> **WHAT TO WORK ON**: A verbatim copy of the records is required, with all pictures left out.
[Opening SUPPLIED DATA section]
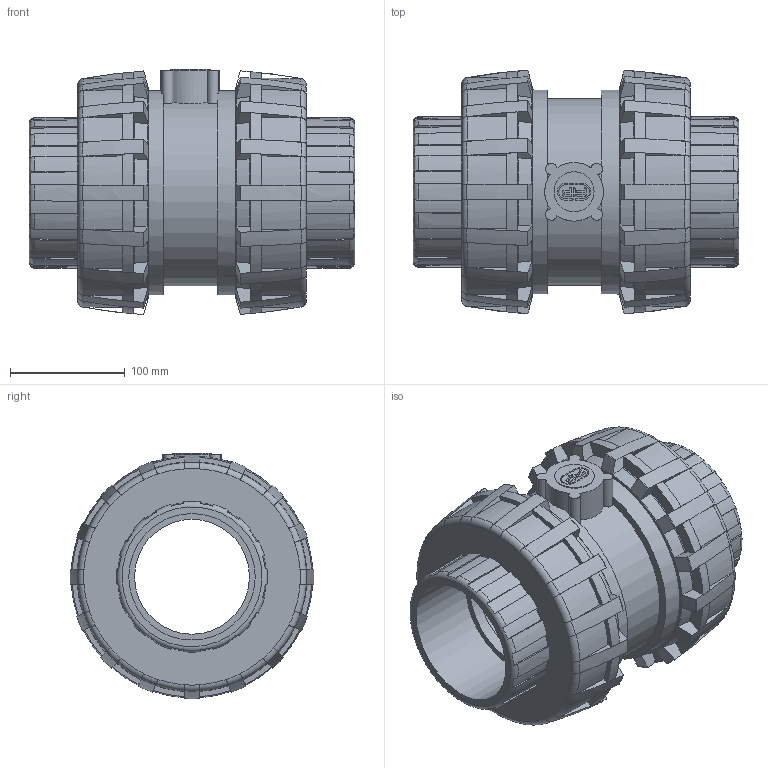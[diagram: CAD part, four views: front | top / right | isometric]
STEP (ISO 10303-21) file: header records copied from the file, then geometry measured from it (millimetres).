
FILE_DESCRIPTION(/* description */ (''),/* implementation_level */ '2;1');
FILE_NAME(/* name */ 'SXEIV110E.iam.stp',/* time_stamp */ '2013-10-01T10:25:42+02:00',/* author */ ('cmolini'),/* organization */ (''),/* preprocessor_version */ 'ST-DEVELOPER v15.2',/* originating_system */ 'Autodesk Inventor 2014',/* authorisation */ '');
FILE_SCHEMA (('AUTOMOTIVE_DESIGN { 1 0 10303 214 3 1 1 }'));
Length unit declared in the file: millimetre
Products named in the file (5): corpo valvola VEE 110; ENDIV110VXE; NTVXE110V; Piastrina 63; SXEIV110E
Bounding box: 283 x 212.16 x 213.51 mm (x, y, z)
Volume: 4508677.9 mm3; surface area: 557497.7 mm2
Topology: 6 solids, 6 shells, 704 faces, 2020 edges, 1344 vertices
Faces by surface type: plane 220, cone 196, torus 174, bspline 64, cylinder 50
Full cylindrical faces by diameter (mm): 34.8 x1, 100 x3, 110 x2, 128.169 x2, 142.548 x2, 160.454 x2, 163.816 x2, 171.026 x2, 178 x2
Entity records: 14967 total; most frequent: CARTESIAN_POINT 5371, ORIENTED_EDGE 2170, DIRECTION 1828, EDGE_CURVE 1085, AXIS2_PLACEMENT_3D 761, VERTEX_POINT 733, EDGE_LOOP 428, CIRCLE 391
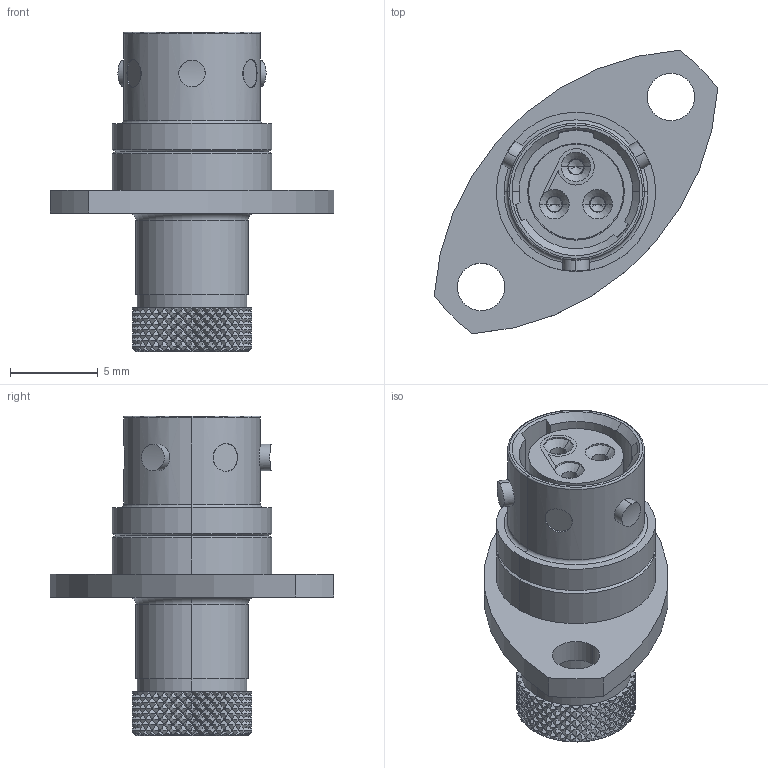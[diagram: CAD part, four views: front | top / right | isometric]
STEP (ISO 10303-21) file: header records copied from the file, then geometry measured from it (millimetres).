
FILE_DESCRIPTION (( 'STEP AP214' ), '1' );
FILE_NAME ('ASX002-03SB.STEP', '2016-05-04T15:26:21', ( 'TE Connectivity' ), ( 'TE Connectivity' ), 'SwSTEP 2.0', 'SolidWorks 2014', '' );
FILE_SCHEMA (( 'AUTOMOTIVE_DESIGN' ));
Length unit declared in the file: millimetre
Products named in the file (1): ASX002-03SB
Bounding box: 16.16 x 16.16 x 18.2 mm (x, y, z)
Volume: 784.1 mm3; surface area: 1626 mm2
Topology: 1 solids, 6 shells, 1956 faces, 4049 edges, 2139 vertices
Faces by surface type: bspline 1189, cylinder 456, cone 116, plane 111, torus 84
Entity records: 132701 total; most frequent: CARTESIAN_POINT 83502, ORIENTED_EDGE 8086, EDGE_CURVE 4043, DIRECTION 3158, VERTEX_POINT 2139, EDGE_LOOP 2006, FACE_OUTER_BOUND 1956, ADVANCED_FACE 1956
[Closing SUPPLIED DATA section]
> **ANSWER SPACE**:
[diagram: CAD part, four views: front | top / right | isometric]
STEP (ISO 10303-21) file: header records copied from the file, then geometry measured from it (millimetres).
FILE_DESCRIPTION(/* description */ (''),/* implementation_level */ '2;1');
FILE_NAME(/* name */ 'SXEIV110E.iam.stp',/* time_stamp */ '2013-10-01T10:25:42+02:00',/* author */ ('cmolini'),/* organization */ (''),/* preprocessor_version */ 'ST-DEVELOPER v15.2',/* originating_system */ 'Autodesk Inventor 2014',/* authorisation */ '');
FILE_SCHEMA (('AUTOMOTIVE_DESIGN { 1 0 10303 214 3 1 1 }'));
Length unit declared in the file: millimetre
Products named in the file (5): corpo valvola VEE 110; ENDIV110VXE; NTVXE110V; Piastrina 63; SXEIV110E
Bounding box: 283 x 212.16 x 213.51 mm (x, y, z)
Volume: 4508677.9 mm3; surface area: 557497.7 mm2
Topology: 6 solids, 6 shells, 704 faces, 2020 edges, 1344 vertices
Faces by surface type: plane 220, cone 196, torus 174, bspline 64, cylinder 50
Full cylindrical faces by diameter (mm): 34.8 x1, 100 x3, 110 x2, 128.169 x2, 142.548 x2, 160.454 x2, 163.816 x2, 171.026 x2, 178 x2
Entity records: 14967 total; most frequent: CARTESIAN_POINT 5371, ORIENTED_EDGE 2170, DIRECTION 1828, EDGE_CURVE 1085, AXIS2_PLACEMENT_3D 761, VERTEX_POINT 733, EDGE_LOOP 428, CIRCLE 391
[diagram: CAD part, four views: front | top / right | isometric]
STEP (ISO 10303-21) file: header records copied from the file, then geometry measured from it (millimetres).
FILE_DESCRIPTION (( 'STEP AP214' ), '1' );
FILE_NAME ('ASX002-03SB.STEP', '2016-05-04T15:26:21', ( 'TE Connectivity' ), ( 'TE Connectivity' ), 'SwSTEP 2.0', 'SolidWorks 2014', '' );
FILE_SCHEMA (( 'AUTOMOTIVE_DESIGN' ));
Length unit declared in the file: millimetre
Products named in the file (1): ASX002-03SB
Bounding box: 16.16 x 16.16 x 18.2 mm (x, y, z)
Volume: 784.1 mm3; surface area: 1626 mm2
Topology: 1 solids, 6 shells, 1956 faces, 4049 edges, 2139 vertices
Faces by surface type: bspline 1189, cylinder 456, cone 116, plane 111, torus 84
Entity records: 132701 total; most frequent: CARTESIAN_POINT 83502, ORIENTED_EDGE 8086, EDGE_CURVE 4043, DIRECTION 3158, VERTEX_POINT 2139, EDGE_LOOP 2006, FACE_OUTER_BOUND 1956, ADVANCED_FACE 1956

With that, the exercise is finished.